The Belsen trial was one of several trials which the Allied occupation forces conducted against former officials and functionaries of Nazi Germany after the end of World War II. The Belsen Trial took place in Lüneburg, Lower Saxony, Germany in 1945 and the defendants were men and women of the SS as well as prisoner functionaries who had worked at various concentration camps, notably Auschwitz and Bergen-Belsen. The trial generated considerable interest around the world, as the public heard for the first time from some of those responsible for the mass murder in the eastern extermination camps. Some later trials are also referred to as Belsen Trials.
Officially called the "Trial of Josef Kramer and 44 others", the trial began in a Lüneburg gymnasium on 17 September 1945. The defendants were 45 former SS men, women and kapos (prisoner functionaries) from the Bergen-Belsen and Auschwitz concentration camps. Josef Kramer had been camp commandant at Bergen-Belsen and before that at Auschwitz. Of the other defendants, 12 were kapos, 16 female SS members and 16 male SS members. Although the SS was an all-male organisation, women were able to enlist as members of the SS-Gefolge, a form of civilian employee. One prisoner functionary, Ladisław Gura, who was also an SS member under arrest, was found to be too ill to stand trial after the trial had started. Three others had been excluded from the list of indicted for the same reason before the trial began. Three SS members had been shot trying to escape after the British took over the camp and one had committed suicide. Out of a total of 77 camp personnel arrested by the British in April, another 17 had died of typhus by 1 June 1945.

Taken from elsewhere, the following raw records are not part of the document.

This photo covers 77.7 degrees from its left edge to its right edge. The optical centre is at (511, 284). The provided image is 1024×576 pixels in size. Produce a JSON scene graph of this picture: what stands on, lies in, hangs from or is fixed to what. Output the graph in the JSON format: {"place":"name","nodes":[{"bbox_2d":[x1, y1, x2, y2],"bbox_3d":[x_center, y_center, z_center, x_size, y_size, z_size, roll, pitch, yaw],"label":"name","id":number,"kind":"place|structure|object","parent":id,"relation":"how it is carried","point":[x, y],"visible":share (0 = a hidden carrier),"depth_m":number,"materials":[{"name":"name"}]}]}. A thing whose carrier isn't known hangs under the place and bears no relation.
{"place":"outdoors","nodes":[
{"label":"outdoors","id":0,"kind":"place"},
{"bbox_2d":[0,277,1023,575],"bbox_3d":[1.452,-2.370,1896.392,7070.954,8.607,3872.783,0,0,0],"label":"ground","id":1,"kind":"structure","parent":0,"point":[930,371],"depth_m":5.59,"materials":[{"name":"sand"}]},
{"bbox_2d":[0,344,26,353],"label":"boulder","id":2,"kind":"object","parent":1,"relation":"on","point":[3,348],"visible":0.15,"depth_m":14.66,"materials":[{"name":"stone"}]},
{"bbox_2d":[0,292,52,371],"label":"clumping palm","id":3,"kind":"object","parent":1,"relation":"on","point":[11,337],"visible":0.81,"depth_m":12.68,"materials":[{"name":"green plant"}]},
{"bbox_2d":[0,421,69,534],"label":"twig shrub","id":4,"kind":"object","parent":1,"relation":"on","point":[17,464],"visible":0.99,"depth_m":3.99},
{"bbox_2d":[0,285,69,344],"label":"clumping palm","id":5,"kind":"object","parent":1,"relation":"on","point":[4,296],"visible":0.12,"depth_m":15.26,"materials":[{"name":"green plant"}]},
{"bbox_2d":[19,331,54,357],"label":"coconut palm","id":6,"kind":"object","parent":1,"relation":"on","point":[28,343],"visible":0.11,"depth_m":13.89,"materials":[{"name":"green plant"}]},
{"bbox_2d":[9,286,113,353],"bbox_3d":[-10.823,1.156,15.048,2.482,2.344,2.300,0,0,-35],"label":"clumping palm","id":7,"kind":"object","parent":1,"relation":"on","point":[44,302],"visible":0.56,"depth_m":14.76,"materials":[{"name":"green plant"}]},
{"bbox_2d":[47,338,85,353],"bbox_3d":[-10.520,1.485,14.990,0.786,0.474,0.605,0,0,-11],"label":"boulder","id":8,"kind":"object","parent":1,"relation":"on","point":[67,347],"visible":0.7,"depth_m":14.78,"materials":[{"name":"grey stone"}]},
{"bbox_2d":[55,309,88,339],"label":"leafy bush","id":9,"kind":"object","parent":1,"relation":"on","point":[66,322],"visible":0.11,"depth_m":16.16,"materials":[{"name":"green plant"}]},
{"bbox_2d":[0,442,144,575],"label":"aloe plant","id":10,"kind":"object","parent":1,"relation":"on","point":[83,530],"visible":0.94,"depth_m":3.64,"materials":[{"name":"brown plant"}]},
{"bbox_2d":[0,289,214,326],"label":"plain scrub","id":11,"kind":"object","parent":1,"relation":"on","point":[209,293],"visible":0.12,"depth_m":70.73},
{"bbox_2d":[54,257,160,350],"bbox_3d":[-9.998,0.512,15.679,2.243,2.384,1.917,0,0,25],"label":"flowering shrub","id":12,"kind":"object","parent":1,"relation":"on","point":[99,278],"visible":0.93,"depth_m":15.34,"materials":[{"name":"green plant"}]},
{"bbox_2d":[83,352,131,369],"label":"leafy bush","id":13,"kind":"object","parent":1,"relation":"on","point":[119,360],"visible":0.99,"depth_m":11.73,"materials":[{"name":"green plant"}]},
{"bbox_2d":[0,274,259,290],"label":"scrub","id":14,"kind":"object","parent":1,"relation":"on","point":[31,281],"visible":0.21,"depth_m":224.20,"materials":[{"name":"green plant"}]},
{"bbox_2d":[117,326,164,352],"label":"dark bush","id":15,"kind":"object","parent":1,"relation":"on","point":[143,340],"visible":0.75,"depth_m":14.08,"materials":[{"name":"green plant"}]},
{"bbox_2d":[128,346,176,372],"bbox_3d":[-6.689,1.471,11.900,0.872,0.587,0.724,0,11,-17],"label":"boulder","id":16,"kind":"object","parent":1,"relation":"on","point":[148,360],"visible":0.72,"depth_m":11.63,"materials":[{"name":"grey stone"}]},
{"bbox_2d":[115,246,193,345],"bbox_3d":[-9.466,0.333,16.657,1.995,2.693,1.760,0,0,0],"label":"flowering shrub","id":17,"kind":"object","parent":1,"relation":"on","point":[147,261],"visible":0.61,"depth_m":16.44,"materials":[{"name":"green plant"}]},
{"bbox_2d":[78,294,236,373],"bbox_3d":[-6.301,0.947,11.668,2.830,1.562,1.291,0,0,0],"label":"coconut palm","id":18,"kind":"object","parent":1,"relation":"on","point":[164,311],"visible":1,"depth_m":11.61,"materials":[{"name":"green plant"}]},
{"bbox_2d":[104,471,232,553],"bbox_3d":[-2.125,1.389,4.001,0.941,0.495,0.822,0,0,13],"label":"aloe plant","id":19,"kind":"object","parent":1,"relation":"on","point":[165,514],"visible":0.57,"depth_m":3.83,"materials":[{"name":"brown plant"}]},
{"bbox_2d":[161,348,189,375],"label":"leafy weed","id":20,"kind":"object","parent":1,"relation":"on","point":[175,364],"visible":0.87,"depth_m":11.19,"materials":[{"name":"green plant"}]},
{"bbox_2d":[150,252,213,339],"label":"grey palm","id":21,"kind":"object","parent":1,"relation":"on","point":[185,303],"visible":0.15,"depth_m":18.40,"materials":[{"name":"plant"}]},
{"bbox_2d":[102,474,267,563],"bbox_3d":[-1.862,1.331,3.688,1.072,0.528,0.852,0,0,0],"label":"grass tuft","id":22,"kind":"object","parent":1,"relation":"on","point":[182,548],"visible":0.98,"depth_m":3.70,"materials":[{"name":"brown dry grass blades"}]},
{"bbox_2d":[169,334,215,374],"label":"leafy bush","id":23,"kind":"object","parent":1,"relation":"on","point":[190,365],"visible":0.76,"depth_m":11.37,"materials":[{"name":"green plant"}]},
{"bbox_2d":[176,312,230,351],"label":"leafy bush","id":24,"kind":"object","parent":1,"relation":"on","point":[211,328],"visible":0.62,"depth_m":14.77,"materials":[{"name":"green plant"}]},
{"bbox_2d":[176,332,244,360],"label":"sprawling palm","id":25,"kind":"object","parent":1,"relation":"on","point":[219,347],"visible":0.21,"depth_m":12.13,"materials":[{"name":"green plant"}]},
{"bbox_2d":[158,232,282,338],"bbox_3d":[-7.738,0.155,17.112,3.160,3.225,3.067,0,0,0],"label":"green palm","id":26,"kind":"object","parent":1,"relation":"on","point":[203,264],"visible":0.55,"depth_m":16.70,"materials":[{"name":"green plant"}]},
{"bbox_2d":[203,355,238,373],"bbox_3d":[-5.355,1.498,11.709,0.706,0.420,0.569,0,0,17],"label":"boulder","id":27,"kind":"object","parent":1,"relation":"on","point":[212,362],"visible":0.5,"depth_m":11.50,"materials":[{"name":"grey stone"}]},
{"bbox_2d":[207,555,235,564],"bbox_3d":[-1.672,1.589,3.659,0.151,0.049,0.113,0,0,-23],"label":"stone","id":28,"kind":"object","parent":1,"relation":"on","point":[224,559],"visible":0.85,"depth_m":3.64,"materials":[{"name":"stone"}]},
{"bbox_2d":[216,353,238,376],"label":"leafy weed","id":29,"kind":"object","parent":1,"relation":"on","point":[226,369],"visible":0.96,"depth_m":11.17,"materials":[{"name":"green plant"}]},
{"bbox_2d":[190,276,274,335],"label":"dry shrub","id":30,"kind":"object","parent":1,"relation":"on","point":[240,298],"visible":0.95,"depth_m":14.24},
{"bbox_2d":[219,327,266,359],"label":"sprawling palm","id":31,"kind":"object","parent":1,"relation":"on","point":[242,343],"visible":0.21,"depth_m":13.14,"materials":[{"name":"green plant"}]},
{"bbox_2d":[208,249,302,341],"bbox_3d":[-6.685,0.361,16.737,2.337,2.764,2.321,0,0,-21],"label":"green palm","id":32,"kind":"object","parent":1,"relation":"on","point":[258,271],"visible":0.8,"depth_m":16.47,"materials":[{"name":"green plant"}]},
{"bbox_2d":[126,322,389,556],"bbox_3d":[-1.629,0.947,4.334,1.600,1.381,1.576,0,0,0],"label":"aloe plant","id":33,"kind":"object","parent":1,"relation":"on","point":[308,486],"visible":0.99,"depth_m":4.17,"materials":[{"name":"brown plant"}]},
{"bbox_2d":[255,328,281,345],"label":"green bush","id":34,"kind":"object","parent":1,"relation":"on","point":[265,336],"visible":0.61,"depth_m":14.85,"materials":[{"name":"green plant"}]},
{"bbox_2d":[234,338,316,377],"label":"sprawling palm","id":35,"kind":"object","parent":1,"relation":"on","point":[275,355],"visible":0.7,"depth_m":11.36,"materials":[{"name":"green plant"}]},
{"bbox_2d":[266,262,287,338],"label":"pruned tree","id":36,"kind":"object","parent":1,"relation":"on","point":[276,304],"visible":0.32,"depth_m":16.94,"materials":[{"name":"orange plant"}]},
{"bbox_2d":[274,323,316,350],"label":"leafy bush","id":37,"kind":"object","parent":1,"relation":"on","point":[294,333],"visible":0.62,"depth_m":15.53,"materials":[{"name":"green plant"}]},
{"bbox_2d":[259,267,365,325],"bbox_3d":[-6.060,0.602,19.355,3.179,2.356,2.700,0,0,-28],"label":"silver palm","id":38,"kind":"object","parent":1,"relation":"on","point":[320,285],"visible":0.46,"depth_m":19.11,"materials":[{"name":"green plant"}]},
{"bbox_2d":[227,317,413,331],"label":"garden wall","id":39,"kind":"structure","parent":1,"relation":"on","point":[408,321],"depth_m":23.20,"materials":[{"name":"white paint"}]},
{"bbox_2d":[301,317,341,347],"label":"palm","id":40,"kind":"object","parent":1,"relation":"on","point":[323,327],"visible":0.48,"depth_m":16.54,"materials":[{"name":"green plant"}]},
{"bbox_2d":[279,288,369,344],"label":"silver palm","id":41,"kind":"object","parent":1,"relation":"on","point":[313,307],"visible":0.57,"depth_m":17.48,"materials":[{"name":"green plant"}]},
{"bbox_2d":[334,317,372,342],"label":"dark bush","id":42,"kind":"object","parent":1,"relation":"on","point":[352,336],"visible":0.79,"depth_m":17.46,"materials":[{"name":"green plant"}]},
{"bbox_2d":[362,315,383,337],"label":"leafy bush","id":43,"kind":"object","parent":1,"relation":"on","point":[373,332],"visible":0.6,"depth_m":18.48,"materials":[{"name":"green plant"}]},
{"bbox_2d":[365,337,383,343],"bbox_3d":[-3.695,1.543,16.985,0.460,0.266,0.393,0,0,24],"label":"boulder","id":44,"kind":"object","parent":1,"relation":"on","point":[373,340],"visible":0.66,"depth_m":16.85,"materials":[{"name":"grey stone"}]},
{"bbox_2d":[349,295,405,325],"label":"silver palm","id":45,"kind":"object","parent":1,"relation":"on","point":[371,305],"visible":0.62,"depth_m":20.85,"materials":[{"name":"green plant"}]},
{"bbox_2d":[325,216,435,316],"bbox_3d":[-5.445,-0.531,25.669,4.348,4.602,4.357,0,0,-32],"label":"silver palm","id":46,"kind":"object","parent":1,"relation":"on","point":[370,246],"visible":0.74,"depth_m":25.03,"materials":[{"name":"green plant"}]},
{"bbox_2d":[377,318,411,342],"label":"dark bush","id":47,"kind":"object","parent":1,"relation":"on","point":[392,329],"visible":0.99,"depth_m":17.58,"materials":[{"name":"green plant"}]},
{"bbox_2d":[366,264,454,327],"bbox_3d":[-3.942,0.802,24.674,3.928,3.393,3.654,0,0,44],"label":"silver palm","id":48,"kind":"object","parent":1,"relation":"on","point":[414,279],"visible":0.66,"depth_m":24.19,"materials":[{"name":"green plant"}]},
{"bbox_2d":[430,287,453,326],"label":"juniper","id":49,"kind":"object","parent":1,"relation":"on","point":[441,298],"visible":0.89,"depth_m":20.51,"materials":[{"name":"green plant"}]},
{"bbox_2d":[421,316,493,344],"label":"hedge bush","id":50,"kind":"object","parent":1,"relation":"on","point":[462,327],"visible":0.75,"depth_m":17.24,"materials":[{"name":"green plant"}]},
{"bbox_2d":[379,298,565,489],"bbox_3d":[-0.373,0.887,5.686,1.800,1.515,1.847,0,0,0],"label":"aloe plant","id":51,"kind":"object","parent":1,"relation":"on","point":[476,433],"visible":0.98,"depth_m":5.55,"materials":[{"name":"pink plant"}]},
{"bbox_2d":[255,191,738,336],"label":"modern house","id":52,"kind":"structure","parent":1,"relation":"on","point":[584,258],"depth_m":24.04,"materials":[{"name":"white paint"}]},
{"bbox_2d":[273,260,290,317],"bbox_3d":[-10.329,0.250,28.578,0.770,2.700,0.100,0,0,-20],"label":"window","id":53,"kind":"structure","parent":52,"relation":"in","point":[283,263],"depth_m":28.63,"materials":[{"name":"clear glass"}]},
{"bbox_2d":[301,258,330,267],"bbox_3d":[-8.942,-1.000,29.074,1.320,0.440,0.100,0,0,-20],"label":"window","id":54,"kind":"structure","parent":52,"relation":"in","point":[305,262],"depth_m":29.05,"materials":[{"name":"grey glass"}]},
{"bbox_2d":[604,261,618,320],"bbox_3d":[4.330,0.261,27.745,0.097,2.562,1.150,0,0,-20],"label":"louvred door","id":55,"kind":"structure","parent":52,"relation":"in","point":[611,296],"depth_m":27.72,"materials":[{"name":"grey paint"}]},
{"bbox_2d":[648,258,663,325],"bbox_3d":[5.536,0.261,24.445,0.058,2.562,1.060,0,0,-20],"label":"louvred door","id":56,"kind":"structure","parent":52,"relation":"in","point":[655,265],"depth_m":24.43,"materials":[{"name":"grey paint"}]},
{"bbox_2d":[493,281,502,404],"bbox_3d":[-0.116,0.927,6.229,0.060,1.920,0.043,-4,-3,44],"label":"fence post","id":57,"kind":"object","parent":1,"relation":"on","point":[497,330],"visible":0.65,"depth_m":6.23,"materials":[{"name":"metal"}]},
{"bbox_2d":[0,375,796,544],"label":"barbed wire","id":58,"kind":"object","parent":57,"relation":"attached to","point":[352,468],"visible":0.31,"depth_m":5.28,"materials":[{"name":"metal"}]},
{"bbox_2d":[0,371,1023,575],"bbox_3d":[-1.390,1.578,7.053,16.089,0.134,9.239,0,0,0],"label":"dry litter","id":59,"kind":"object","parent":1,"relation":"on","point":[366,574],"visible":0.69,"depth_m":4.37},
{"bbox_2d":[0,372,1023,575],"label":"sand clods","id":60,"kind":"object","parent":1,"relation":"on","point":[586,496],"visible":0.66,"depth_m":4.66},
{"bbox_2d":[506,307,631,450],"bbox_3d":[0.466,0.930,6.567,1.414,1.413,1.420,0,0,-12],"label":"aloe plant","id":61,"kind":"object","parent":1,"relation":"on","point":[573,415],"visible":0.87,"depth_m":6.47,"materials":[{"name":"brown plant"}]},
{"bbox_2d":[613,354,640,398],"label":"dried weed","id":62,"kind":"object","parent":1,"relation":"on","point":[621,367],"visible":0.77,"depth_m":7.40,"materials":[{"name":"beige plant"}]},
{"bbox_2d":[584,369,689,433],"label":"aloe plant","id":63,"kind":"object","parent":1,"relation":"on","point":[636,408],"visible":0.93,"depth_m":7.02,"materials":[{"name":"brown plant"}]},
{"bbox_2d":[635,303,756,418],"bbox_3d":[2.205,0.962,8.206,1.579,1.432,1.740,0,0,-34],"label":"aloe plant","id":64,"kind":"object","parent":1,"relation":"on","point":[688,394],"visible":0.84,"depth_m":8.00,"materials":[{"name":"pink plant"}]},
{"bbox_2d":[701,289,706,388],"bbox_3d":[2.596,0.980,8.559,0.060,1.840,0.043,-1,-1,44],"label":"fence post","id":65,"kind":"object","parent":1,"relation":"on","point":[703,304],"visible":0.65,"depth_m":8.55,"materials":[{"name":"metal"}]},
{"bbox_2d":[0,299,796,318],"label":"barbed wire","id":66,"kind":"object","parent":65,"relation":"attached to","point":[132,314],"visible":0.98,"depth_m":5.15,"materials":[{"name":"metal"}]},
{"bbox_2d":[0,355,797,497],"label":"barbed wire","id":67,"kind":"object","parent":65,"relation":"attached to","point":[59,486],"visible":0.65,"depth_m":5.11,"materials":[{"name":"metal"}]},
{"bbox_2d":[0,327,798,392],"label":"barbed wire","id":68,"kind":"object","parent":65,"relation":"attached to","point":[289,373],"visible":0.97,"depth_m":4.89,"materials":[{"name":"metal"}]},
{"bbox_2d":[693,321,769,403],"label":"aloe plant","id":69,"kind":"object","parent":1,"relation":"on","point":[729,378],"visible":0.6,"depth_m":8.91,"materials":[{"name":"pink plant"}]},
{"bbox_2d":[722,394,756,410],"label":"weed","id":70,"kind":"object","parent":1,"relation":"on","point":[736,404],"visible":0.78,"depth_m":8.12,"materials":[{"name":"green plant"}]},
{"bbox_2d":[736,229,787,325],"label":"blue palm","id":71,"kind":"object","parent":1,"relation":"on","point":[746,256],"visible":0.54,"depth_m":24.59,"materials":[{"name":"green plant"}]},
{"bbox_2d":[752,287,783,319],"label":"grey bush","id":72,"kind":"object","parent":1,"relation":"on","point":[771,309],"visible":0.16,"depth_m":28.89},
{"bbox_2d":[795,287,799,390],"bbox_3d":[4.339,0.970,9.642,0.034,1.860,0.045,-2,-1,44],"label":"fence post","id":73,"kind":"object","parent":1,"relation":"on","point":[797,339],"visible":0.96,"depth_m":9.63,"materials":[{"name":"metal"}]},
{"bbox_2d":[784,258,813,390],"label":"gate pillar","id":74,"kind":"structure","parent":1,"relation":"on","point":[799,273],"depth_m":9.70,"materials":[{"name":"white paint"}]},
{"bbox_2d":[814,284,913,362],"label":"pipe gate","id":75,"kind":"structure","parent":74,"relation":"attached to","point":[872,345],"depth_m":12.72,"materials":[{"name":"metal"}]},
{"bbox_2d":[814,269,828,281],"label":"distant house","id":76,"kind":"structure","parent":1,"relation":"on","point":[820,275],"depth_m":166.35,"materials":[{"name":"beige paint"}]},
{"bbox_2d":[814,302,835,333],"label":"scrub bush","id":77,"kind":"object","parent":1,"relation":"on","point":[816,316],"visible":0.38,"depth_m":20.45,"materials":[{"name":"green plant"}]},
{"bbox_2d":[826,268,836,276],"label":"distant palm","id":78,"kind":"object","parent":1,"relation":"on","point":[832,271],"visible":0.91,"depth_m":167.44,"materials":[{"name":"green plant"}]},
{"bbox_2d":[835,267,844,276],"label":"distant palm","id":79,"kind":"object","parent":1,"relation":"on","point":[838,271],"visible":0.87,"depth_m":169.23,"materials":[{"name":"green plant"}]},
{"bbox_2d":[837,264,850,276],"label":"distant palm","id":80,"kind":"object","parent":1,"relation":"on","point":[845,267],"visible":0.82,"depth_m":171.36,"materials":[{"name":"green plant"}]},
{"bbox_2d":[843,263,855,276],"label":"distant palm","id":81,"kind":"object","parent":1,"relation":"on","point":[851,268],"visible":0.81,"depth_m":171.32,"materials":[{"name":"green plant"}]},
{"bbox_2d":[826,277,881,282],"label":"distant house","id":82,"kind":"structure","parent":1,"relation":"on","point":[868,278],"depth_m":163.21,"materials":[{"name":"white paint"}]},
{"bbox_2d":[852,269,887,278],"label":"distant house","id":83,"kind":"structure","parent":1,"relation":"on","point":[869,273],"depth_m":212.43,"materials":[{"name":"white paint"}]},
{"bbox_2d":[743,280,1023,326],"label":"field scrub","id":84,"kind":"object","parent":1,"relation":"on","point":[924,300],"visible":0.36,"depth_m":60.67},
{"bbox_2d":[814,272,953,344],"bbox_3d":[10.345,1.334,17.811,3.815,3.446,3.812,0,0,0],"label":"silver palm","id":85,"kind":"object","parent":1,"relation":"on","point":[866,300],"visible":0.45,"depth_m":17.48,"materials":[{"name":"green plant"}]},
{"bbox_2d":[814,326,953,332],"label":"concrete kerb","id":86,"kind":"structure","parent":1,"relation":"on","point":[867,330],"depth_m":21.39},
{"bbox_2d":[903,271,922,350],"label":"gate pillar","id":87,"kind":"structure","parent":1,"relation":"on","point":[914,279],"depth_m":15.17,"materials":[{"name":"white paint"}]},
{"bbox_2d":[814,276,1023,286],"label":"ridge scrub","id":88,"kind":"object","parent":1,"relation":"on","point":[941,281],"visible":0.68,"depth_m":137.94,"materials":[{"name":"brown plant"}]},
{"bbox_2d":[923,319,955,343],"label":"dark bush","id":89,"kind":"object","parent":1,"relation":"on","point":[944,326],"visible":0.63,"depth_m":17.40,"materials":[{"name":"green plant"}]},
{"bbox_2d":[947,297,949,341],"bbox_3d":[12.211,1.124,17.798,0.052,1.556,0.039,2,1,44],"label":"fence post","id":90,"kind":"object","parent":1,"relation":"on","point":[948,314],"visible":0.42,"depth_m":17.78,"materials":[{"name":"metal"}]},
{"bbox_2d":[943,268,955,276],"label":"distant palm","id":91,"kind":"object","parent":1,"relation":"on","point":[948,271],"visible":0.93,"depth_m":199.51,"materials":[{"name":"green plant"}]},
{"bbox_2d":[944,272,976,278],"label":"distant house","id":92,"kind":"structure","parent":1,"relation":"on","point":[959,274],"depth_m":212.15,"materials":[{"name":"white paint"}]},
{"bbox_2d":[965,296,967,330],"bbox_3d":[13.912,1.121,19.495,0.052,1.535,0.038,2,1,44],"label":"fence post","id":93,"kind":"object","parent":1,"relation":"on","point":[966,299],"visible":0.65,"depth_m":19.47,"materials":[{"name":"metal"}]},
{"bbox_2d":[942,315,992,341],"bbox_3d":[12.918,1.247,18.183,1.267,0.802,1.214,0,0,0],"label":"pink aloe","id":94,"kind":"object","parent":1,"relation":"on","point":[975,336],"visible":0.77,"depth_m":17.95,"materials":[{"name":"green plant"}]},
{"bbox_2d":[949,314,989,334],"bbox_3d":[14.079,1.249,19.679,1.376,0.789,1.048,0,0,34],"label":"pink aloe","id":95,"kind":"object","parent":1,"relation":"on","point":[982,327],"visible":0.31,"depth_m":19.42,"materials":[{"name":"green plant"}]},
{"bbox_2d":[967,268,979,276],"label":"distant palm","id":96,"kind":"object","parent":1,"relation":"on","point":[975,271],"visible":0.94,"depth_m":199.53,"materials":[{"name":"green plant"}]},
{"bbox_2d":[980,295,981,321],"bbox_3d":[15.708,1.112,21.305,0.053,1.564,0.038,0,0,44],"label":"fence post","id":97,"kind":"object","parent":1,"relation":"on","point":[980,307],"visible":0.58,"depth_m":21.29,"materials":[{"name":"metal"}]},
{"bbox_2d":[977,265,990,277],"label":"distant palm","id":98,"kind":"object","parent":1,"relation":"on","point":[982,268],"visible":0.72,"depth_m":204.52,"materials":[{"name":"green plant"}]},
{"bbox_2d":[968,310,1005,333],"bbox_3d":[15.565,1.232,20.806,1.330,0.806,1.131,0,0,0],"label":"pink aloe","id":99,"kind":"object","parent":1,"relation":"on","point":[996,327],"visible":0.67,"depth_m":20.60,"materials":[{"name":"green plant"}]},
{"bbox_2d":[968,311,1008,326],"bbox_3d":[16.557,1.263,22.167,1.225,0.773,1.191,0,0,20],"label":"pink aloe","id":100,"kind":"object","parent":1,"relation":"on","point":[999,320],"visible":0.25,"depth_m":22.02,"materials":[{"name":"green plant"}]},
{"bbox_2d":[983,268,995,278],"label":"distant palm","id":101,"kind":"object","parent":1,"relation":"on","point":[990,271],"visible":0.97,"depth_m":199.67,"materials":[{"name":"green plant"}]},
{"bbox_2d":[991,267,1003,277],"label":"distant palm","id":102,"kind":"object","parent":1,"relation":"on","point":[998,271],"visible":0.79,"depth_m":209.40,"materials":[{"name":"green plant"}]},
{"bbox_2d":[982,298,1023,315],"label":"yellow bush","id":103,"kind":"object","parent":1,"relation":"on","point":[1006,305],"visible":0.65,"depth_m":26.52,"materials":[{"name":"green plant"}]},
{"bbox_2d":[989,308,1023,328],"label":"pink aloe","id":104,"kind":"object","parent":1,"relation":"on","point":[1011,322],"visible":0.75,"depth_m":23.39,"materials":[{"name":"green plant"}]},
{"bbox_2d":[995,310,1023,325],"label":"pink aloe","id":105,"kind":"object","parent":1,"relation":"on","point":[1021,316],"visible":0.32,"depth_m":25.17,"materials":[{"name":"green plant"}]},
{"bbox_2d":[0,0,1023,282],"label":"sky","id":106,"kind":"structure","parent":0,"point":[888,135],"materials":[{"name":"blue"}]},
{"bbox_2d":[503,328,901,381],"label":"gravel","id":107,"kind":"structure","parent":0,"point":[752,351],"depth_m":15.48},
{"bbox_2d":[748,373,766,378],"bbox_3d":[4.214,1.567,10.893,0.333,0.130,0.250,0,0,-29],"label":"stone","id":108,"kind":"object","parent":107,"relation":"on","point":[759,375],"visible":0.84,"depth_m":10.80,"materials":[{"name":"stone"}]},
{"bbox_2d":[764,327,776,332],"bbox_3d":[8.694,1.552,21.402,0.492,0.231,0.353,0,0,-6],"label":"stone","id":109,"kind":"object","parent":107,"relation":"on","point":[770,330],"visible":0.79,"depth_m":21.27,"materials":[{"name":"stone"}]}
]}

Next to Kramer, the most high-profile defendants were Dr. Fritz Klein, who had been camp doctor at Belsen, and Franz Hössler, deputy camp commandant. Elisabeth Volkenrath had been Oberaufseherin (head warden or supervising wardress) at Auschwitz, before she came to Belsen. Many of the defendants had arrived in Bergen-Belsen only after February 1945, some as late as two days before liberation. However, most had been active in similar functions in other concentration camps before that. The trial took place before a British military tribunal. The judges were Major-General H.M.P. Berney-Ficklin (presiding), Brigadier A. de L. Casonove, Colonel G.J. Richards, Lt.-Colonel R.B. Moriush and Lt.-Colonel R. McLay. C.L. Stirling was Judge Advocate. Colonel T.M. Backhouse, Major H.G. Murton-Neale, Capt. S.M. Stewart and Lt.-Col. L.J. Genn were Counsel for the Prosecution. Counsel for the Defence were also members of the British Army — in the case of the five Polish defendants a Polish officer, Lt. Jedrezejowicz.